→ WORK ORDER
Only an exact copy of the entries, stripped of pictures, will serve as the answer.

*** Opening of DATA SHOWN ***

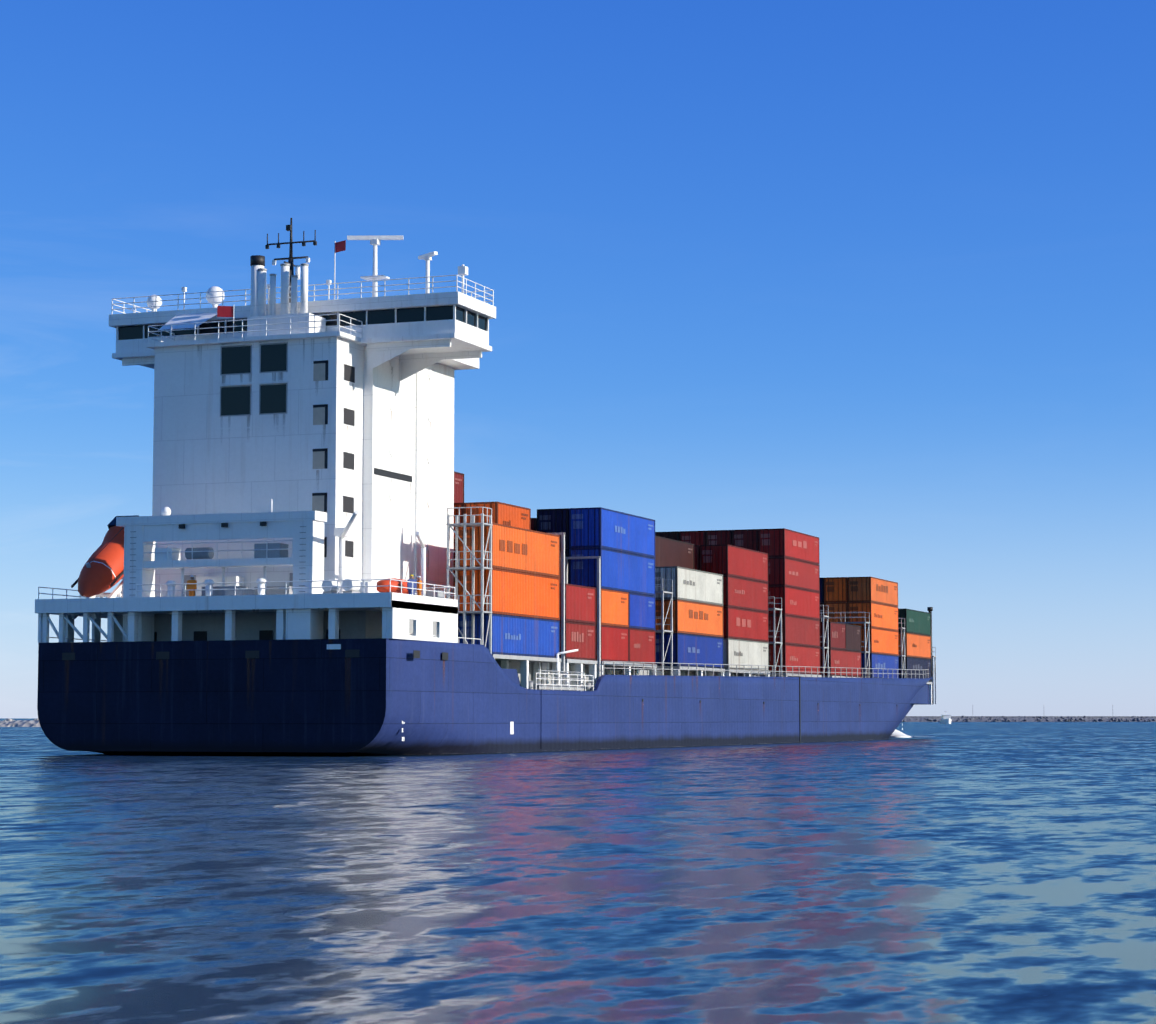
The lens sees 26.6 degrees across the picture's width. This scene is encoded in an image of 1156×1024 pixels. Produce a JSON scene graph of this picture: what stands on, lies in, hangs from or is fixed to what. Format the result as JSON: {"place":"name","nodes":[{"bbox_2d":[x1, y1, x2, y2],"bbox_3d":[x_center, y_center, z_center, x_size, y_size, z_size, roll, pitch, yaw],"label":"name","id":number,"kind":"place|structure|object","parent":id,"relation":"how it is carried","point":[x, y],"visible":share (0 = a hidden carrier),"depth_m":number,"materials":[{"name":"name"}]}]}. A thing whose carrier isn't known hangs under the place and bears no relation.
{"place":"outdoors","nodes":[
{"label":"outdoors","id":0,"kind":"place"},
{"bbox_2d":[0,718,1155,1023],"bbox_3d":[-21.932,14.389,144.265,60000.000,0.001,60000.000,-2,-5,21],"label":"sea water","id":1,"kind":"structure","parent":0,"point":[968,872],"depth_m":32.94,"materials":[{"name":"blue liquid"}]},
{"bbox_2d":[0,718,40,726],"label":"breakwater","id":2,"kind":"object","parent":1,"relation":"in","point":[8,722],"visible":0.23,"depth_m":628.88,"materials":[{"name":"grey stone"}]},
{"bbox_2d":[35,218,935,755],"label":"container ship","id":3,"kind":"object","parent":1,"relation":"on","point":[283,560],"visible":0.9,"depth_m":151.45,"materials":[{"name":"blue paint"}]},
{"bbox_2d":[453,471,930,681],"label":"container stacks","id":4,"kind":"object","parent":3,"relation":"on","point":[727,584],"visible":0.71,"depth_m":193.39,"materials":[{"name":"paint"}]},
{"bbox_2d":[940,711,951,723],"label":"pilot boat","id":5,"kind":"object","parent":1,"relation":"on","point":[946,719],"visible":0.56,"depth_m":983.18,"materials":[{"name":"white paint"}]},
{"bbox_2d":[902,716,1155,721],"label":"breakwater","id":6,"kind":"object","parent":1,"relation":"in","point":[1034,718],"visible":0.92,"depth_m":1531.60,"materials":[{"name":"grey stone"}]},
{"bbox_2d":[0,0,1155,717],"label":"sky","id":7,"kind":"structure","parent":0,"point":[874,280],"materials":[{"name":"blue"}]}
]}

*** Close of DATA SHOWN ***

→ ANSWER TO THIS TASK
The lens sees 26.6 degrees across the picture's width. This scene is encoded in an image of 1156×1024 pixels. Produce a JSON scene graph of this picture: what stands on, lies in, hangs from or is fixed to what. Format the result as JSON: {"place":"name","nodes":[{"bbox_2d":[x1, y1, x2, y2],"bbox_3d":[x_center, y_center, z_center, x_size, y_size, z_size, roll, pitch, yaw],"label":"name","id":number,"kind":"place|structure|object","parent":id,"relation":"how it is carried","point":[x, y],"visible":share (0 = a hidden carrier),"depth_m":number,"materials":[{"name":"name"}]}]}. A thing whose carrier isn't known hangs under the place and bears no relation.
{"place":"outdoors","nodes":[
{"label":"outdoors","id":0,"kind":"place"},
{"bbox_2d":[0,718,1155,1023],"bbox_3d":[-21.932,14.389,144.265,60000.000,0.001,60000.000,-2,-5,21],"label":"sea water","id":1,"kind":"structure","parent":0,"point":[968,872],"depth_m":32.94,"materials":[{"name":"blue liquid"}]},
{"bbox_2d":[0,718,40,726],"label":"breakwater","id":2,"kind":"object","parent":1,"relation":"in","point":[8,722],"visible":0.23,"depth_m":628.88,"materials":[{"name":"grey stone"}]},
{"bbox_2d":[35,218,935,755],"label":"container ship","id":3,"kind":"object","parent":1,"relation":"on","point":[283,560],"visible":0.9,"depth_m":151.45,"materials":[{"name":"blue paint"}]},
{"bbox_2d":[453,471,930,681],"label":"container stacks","id":4,"kind":"object","parent":3,"relation":"on","point":[727,584],"visible":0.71,"depth_m":193.39,"materials":[{"name":"paint"}]},
{"bbox_2d":[940,711,951,723],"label":"pilot boat","id":5,"kind":"object","parent":1,"relation":"on","point":[946,719],"visible":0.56,"depth_m":983.18,"materials":[{"name":"white paint"}]},
{"bbox_2d":[902,716,1155,721],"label":"breakwater","id":6,"kind":"object","parent":1,"relation":"in","point":[1034,718],"visible":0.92,"depth_m":1531.60,"materials":[{"name":"grey stone"}]},
{"bbox_2d":[0,0,1155,717],"label":"sky","id":7,"kind":"structure","parent":0,"point":[874,280],"materials":[{"name":"blue"}]}
]}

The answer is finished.